Please note: It is possible that the information shown for future academic years may change due to developments in the relevant academic field. Optional unit availability varies depending on both staffing, student choice and timetabling constraints.

Unit name Engineering Mathematics 1
Unit code EMAT10100
Credit points 20
Level of study C/4
Teaching block(s) Teaching Block 4 (weeks 1-24)
Unit director Professor. Champneys
Open unit status Not open
Units you must take before you take this one (pre-requisite units)
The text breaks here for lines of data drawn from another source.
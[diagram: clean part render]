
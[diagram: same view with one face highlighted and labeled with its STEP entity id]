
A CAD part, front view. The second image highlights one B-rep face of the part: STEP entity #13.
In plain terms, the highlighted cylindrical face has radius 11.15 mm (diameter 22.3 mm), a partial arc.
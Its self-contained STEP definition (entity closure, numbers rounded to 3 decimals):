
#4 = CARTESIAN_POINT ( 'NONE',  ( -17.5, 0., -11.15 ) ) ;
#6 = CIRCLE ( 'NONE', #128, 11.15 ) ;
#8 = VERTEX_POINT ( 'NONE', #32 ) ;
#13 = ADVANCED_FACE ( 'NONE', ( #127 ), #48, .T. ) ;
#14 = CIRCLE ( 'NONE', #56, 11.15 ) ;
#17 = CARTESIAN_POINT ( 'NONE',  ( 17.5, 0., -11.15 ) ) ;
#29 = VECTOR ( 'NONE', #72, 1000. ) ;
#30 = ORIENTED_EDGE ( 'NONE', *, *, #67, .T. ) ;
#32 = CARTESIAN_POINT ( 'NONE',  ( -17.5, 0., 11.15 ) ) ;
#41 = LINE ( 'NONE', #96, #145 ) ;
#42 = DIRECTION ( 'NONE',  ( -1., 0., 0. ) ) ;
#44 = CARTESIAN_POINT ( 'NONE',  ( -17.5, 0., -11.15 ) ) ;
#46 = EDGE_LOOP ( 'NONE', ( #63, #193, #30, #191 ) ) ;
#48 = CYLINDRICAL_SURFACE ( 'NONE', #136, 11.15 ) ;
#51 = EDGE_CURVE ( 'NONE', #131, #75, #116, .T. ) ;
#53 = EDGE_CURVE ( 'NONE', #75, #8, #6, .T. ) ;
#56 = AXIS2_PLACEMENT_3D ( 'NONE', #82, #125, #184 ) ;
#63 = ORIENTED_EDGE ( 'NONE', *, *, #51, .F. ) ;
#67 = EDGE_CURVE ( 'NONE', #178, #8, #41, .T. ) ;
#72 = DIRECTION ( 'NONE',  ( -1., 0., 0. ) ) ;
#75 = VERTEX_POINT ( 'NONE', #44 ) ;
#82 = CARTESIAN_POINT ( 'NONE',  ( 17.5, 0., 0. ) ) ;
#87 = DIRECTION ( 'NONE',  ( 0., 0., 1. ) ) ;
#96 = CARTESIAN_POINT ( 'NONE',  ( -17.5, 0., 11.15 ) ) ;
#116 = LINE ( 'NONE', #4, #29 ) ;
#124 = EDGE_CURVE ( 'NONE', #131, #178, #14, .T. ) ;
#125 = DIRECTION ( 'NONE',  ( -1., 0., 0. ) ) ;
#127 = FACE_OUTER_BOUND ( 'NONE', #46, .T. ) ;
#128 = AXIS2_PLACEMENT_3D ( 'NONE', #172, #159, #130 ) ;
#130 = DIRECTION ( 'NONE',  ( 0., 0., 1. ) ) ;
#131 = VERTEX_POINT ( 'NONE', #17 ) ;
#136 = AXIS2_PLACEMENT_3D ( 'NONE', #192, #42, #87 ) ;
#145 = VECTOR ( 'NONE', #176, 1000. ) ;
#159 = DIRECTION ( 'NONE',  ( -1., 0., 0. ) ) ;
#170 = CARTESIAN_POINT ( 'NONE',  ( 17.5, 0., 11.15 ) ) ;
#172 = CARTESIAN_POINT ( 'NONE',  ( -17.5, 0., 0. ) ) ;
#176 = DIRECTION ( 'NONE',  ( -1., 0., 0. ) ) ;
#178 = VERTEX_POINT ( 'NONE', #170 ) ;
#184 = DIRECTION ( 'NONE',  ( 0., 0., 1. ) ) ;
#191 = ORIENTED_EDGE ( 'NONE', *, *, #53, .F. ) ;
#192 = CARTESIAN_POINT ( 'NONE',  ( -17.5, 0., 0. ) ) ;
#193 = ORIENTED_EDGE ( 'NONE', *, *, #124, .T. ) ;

A-level common core in mathematics, or equivalent

Units you must take alongside this one (co-requisite units)

None

Units you may not take alongside this one

None

School/department Department of Engineering Mathematics
Faculty Faculty of Engineering

Unit Information

Description There are five main sections: Algebra (vectors, complex numbers, matrices as transformations, solving equations using matrices, eigenvalues and eigenvectors); Analysis (Sequences, series, functions, curve sketching, introduction to fourier series, introduction to numerical analysis); Calculus (differentiation and integration of functions of one variable, taylor series, numerical root finding, introduction to partial differentiation); Differential Equations (concepts, separation of variables, linear first and second-order equations, systems, numerical solutions); and Probability (basic concepts, events, random variables, empirical discrete and continuous distributions).
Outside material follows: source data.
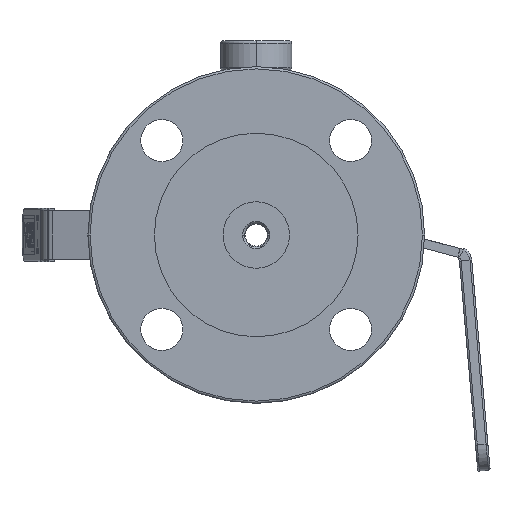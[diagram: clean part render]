
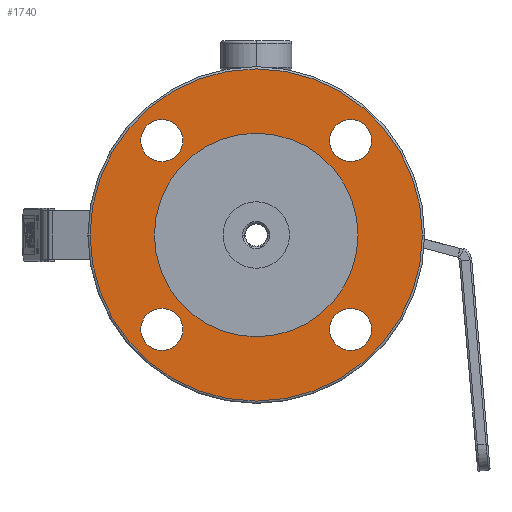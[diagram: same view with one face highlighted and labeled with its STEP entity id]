
A CAD part, left-side view. The second image highlights one B-rep face of the part: STEP entity #1740.
In plain terms, the highlighted planar face has unit normal (-1, 0, 0).
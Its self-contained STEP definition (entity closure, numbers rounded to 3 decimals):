
#341=CARTESIAN_POINT('',(-188.5,0.,0.));
#342=DIRECTION('',(-1.,0.,0.));
#343=DIRECTION('',(0.,-1.,0.));
#344=AXIS2_PLACEMENT_3D('',#341,#342,#343);
#346=CARTESIAN_POINT('',(-188.5,0.,0.));
#347=DIRECTION('',(-1.,0.,0.));
#348=DIRECTION('',(0.,1.,0.));
#349=AXIS2_PLACEMENT_3D('',#346,#347,#348);
#351=CARTESIAN_POINT('',(-188.5,42.639,-42.639));
#352=DIRECTION('',(1.,0.,0.));
#353=DIRECTION('',(0.,1.,0.));
#354=AXIS2_PLACEMENT_3D('',#351,#352,#353);
#356=CARTESIAN_POINT('',(-188.5,42.639,-42.639));
#357=DIRECTION('',(1.,0.,0.));
#358=DIRECTION('',(0.,-1.,0.));
#359=AXIS2_PLACEMENT_3D('',#356,#357,#358);
#361=CARTESIAN_POINT('',(-188.5,42.639,42.639));
#362=DIRECTION('',(1.,0.,0.));
#363=DIRECTION('',(0.,0.,1.));
#364=AXIS2_PLACEMENT_3D('',#361,#362,#363);
#366=CARTESIAN_POINT('',(-188.5,42.639,42.639));
#367=DIRECTION('',(1.,0.,0.));
#368=DIRECTION('',(0.,0.,-1.));
#369=AXIS2_PLACEMENT_3D('',#366,#367,#368);
#371=CARTESIAN_POINT('',(-188.5,-42.639,42.639));
#372=DIRECTION('',(1.,0.,0.));
#373=DIRECTION('',(0.,-1.,0.));
#374=AXIS2_PLACEMENT_3D('',#371,#372,#373);
#376=CARTESIAN_POINT('',(-188.5,-42.639,42.639));
#377=DIRECTION('',(1.,0.,0.));
#378=DIRECTION('',(0.,1.,0.));
#379=AXIS2_PLACEMENT_3D('',#376,#377,#378);
#381=CARTESIAN_POINT('',(-188.5,-42.639,-42.639));
#382=DIRECTION('',(1.,0.,0.));
#383=DIRECTION('',(0.,0.,-1.));
#384=AXIS2_PLACEMENT_3D('',#381,#382,#383);
#386=CARTESIAN_POINT('',(-188.5,-42.639,-42.639));
#387=DIRECTION('',(1.,0.,0.));
#388=DIRECTION('',(0.,0.,1.));
#389=AXIS2_PLACEMENT_3D('',#386,#387,#388);
#391=CARTESIAN_POINT('',(-188.5,0.,0.));
#392=DIRECTION('',(-1.,0.,0.));
#393=DIRECTION('',(0.,1.,0.));
#394=AXIS2_PLACEMENT_3D('',#391,#392,#393);
#396=CARTESIAN_POINT('',(-188.5,0.,0.));
#397=DIRECTION('',(-1.,0.,0.));
#398=DIRECTION('',(0.,-1.,0.));
#399=AXIS2_PLACEMENT_3D('',#396,#397,#398);
#1135=CARTESIAN_POINT('',(-188.5,52.139,-42.639));
#1137=VERTEX_POINT('',#1135);
#1139=CARTESIAN_POINT('',(-188.5,33.139,-42.639));
#1141=VERTEX_POINT('',#1139);
#1143=CARTESIAN_POINT('',(-188.5,42.639,52.139));
#1145=VERTEX_POINT('',#1143);
#1147=CARTESIAN_POINT('',(-188.5,42.639,33.139));
#1149=VERTEX_POINT('',#1147);
#1151=CARTESIAN_POINT('',(-188.5,-52.139,42.639));
#1153=VERTEX_POINT('',#1151);
#1155=CARTESIAN_POINT('',(-188.5,-33.139,42.639));
#1157=VERTEX_POINT('',#1155);
#1159=CARTESIAN_POINT('',(-188.5,-42.639,-52.139));
#1161=VERTEX_POINT('',#1159);
#1163=CARTESIAN_POINT('',(-188.5,-42.639,-33.139));
#1165=VERTEX_POINT('',#1163);
#1191=CARTESIAN_POINT('',(-188.5,75.,0.));
#1192=CARTESIAN_POINT('',(-188.5,-75.,0.));
#1193=VERTEX_POINT('',#1191);
#1194=VERTEX_POINT('',#1192);
#1341=CARTESIAN_POINT('',(-188.5,-45.95,0.));
#1342=CARTESIAN_POINT('',(-188.5,45.95,0.));
#1343=VERTEX_POINT('',#1341);
#1344=VERTEX_POINT('',#1342);
#1699=CARTESIAN_POINT('',(-188.5,0.,0.));
#1700=DIRECTION('',(1.,0.,0.));
#1701=DIRECTION('',(0.,1.,0.));
#1702=AXIS2_PLACEMENT_3D('',#1699,#1700,#1701);
#1703=PLANE('',#1702);
#1705=ORIENTED_EDGE('',*,*,#1704,.F.);
#1707=ORIENTED_EDGE('',*,*,#1706,.F.);
#1708=EDGE_LOOP('',(#1705,#1707));
#1709=FACE_OUTER_BOUND('',#1708,.F.);
#1711=ORIENTED_EDGE('',*,*,#1710,.F.);
#1713=ORIENTED_EDGE('',*,*,#1712,.F.);
#1714=EDGE_LOOP('',(#1711,#1713));
#1715=FACE_BOUND('',#1714,.F.);
#1717=ORIENTED_EDGE('',*,*,#1716,.F.);
#1719=ORIENTED_EDGE('',*,*,#1718,.F.);
#1720=EDGE_LOOP('',(#1717,#1719));
#1721=FACE_BOUND('',#1720,.F.);
#1723=ORIENTED_EDGE('',*,*,#1722,.F.);
#1725=ORIENTED_EDGE('',*,*,#1724,.F.);
#1726=EDGE_LOOP('',(#1723,#1725));
#1727=FACE_BOUND('',#1726,.F.);
#1729=ORIENTED_EDGE('',*,*,#1728,.F.);
#1731=ORIENTED_EDGE('',*,*,#1730,.F.);
#1732=EDGE_LOOP('',(#1729,#1731));
#1733=FACE_BOUND('',#1732,.F.);
#1735=ORIENTED_EDGE('',*,*,#1734,.T.);
#1737=ORIENTED_EDGE('',*,*,#1736,.T.);
#1738=EDGE_LOOP('',(#1735,#1737));
#1739=FACE_BOUND('',#1738,.F.);
#1740=ADVANCED_FACE('',(#1709,#1715,#1721,#1727,#1733,#1739),#1703,.F.);
#345=CIRCLE('',#344,45.95);
#350=CIRCLE('',#349,45.95);
#355=CIRCLE('',#354,9.5);
#360=CIRCLE('',#359,9.5);
#365=CIRCLE('',#364,9.5);
#370=CIRCLE('',#369,9.5);
#375=CIRCLE('',#374,9.5);
#380=CIRCLE('',#379,9.5);
#385=CIRCLE('',#384,9.5);
#390=CIRCLE('',#389,9.5);
#395=CIRCLE('',#394,75.);
#400=CIRCLE('',#399,75.);
#1704=EDGE_CURVE('',#1193,#1194,#395,.T.);
#1706=EDGE_CURVE('',#1194,#1193,#400,.T.);
#1710=EDGE_CURVE('',#1137,#1141,#355,.T.);
#1712=EDGE_CURVE('',#1141,#1137,#360,.T.);
#1716=EDGE_CURVE('',#1145,#1149,#365,.T.);
#1718=EDGE_CURVE('',#1149,#1145,#370,.T.);
#1722=EDGE_CURVE('',#1153,#1157,#375,.T.);
#1724=EDGE_CURVE('',#1157,#1153,#380,.T.);
#1728=EDGE_CURVE('',#1161,#1165,#385,.T.);
#1730=EDGE_CURVE('',#1165,#1161,#390,.T.);
#1734=EDGE_CURVE('',#1343,#1344,#345,.T.);
#1736=EDGE_CURVE('',#1344,#1343,#350,.T.);

Aims The principal aim of this faculty-wide unit is to bring students entering the Faculty of Engineering up to a common standard in mathematics. The unit contains the well recognised elements of classical engineering mathematics which universally underpin the formation of the professional engineer.
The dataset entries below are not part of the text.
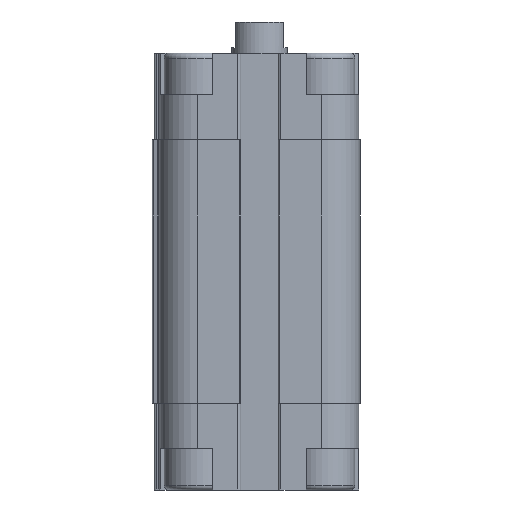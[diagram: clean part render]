
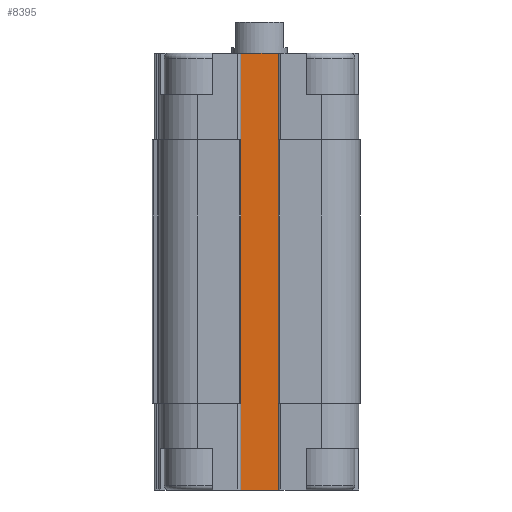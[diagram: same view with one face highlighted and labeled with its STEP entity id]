
A CAD part, left-side view. The second image highlights one B-rep face of the part: STEP entity #8395.
In plain terms, the highlighted face is planar.
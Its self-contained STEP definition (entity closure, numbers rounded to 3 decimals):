
#154=LINE('',#12723,#926);
#188=LINE('',#12870,#960);
#189=LINE('',#12875,#961);
#222=LINE('',#12973,#994);
#223=LINE('',#12975,#995);
#224=LINE('',#12977,#996);
#225=LINE('',#12979,#997);
#226=LINE('',#12981,#998);
#227=LINE('',#12983,#999);
#228=LINE('',#12985,#1000);
#229=LINE('',#12987,#1001);
#230=LINE('',#12988,#1002);
#926=VECTOR('',#9891,1000.);
#960=VECTOR('',#10013,1000.);
#961=VECTOR('',#10018,1000.);
#994=VECTOR('',#10115,1000.);
#995=VECTOR('',#10118,1000.);
#996=VECTOR('',#10119,1000.);
#997=VECTOR('',#10120,1000.);
#998=VECTOR('',#10121,1000.);
#999=VECTOR('',#10122,1000.);
#1000=VECTOR('',#10123,1000.);
#1001=VECTOR('',#10124,1000.);
#1002=VECTOR('',#10125,1000.);
#1633=PLANE('',#9018);
#2690=ORIENTED_EDGE('',*,*,#4951,.F.);
#2691=ORIENTED_EDGE('',*,*,#5076,.F.);
#2692=ORIENTED_EDGE('',*,*,#5026,.F.);
#2693=ORIENTED_EDGE('',*,*,#5077,.F.);
#2694=ORIENTED_EDGE('',*,*,#5078,.T.);
#2695=ORIENTED_EDGE('',*,*,#5079,.F.);
#2696=ORIENTED_EDGE('',*,*,#5080,.T.);
#2697=ORIENTED_EDGE('',*,*,#5081,.T.);
#2698=ORIENTED_EDGE('',*,*,#5082,.T.);
#2699=ORIENTED_EDGE('',*,*,#5083,.T.);
#2700=ORIENTED_EDGE('',*,*,#5028,.F.);
#2701=ORIENTED_EDGE('',*,*,#5084,.T.);
#4951=EDGE_CURVE('',#6164,#6165,#154,.T.);
#5026=EDGE_CURVE('',#6233,#6230,#188,.T.);
#5028=EDGE_CURVE('',#6235,#6236,#189,.T.);
#5076=EDGE_CURVE('',#6230,#6164,#222,.T.);
#5077=EDGE_CURVE('',#6269,#6233,#223,.T.);
#5078=EDGE_CURVE('',#6269,#6270,#224,.T.);
#5079=EDGE_CURVE('',#6271,#6270,#225,.T.);
#5080=EDGE_CURVE('',#6271,#6272,#226,.T.);
#5081=EDGE_CURVE('',#6272,#6273,#227,.T.);
#5082=EDGE_CURVE('',#6273,#6274,#228,.T.);
#5083=EDGE_CURVE('',#6274,#6236,#229,.T.);
#5084=EDGE_CURVE('',#6235,#6165,#230,.T.);
#6164=VERTEX_POINT('',#12722);
#6165=VERTEX_POINT('',#12724);
#6230=VERTEX_POINT('',#12864);
#6233=VERTEX_POINT('',#12869);
#6235=VERTEX_POINT('',#12874);
#6236=VERTEX_POINT('',#12876);
#6269=VERTEX_POINT('',#12976);
#6270=VERTEX_POINT('',#12978);
#6271=VERTEX_POINT('',#12980);
#6272=VERTEX_POINT('',#12982);
#6273=VERTEX_POINT('',#12984);
#6274=VERTEX_POINT('',#12986);
#7158=EDGE_LOOP('',(#2690,#2691,#2692,#2693,#2694,#2695,#2696,#2697,#2698,
#2699,#2700,#2701));
#7770=FACE_BOUND('',#7158,.T.);
#8395=ADVANCED_FACE('',(#7770),#1633,.T.);
#9018=AXIS2_PLACEMENT_3D('',#12974,#10116,#10117);
#9891=DIRECTION('',(0.,1.,0.));
#10013=DIRECTION('',(0.,1.,0.));
#10018=DIRECTION('',(0.,1.,0.));
#10115=DIRECTION('',(0.,0.,1.));
#10116=DIRECTION('',(1.,0.,0.));
#10117=DIRECTION('',(0.,0.,-1.));
#10118=DIRECTION('',(0.,0.,1.));
#10119=DIRECTION('',(0.,1.,0.));
#10120=DIRECTION('',(0.,0.,1.));
#10121=DIRECTION('',(0.,1.,0.));
#10122=DIRECTION('',(0.,0.,1.));
#10123=DIRECTION('',(0.,1.,0.));
#10124=DIRECTION('',(0.,0.,1.));
#10125=DIRECTION('',(0.,0.,1.));
#12722=CARTESIAN_POINT('',(9.5,-3.,0.));
#12723=CARTESIAN_POINT('',(9.5,-3.,0.));
#12724=CARTESIAN_POINT('',(9.5,3.,0.));
#12864=CARTESIAN_POINT('',(9.5,-3.,-12.5));
#12869=CARTESIAN_POINT('',(9.5,-3.2,-12.5));
#12870=CARTESIAN_POINT('',(9.5,-3.2,-12.5));
#12874=CARTESIAN_POINT('',(9.5,3.,-12.5));
#12875=CARTESIAN_POINT('',(9.5,-9.,-12.5));
#12876=CARTESIAN_POINT('',(9.5,3.2,-12.5));
#12973=CARTESIAN_POINT('',(9.5,-3.,-12.5));
#12974=CARTESIAN_POINT('',(9.5,-3.,-12.5));
#12975=CARTESIAN_POINT('',(9.5,-3.2,-50.5));
#12976=CARTESIAN_POINT('',(9.5,-3.2,-50.5));
#12977=CARTESIAN_POINT('',(9.5,-3.2,-50.5));
#12978=CARTESIAN_POINT('',(9.5,-3.,-50.5));
#12979=CARTESIAN_POINT('',(9.5,-3.,-63.));
#12980=CARTESIAN_POINT('',(9.5,-3.,-63.));
#12981=CARTESIAN_POINT('',(9.5,-3.,-63.));
#12982=CARTESIAN_POINT('',(9.5,3.,-63.));
#12983=CARTESIAN_POINT('',(9.5,3.,-63.));
#12984=CARTESIAN_POINT('',(9.5,3.,-50.5));
#12985=CARTESIAN_POINT('',(9.5,-3.2,-50.5));
#12986=CARTESIAN_POINT('',(9.5,3.2,-50.5));
#12987=CARTESIAN_POINT('',(9.5,3.2,-50.5));
#12988=CARTESIAN_POINT('',(9.5,3.,-12.5));

Your learning on this unit

  1. To gain familiarity with the basic mathematics needed for engineering degree programmes.
  2. To be able to manipulate and solve mathematical problems involving algebraic and analytic concepts such as matrices, vectors, complex numbers, differentials, integrals, and sequences.
  3. To be able to link such algebraic and analytical concepts to geometric concepts in the form of graphs.
  4. To gain a basic understanding of how data is represented and manipulated in computations deterministically and using the laws of probability applied to a single random variable.
  5. To understand the relevance of these concepts to representation and solution of engineering problems.

How you will learn

Teaching will be delivered through a combination of synchronous and asynchronous sessions, including lectures, supported by live online sessions, problem sheets and self-directed exercises

How you will be assessed

January Exam: 20% (Learning Outcomes 1-3, 5)

Summer Exam: 80% (Learning Outcomes 1-5)

Resources

If this unit has a Resource List, you will normally find a link to it in the Blackboard area for the unit. Sometimes there will be a separate link for each weekly topic.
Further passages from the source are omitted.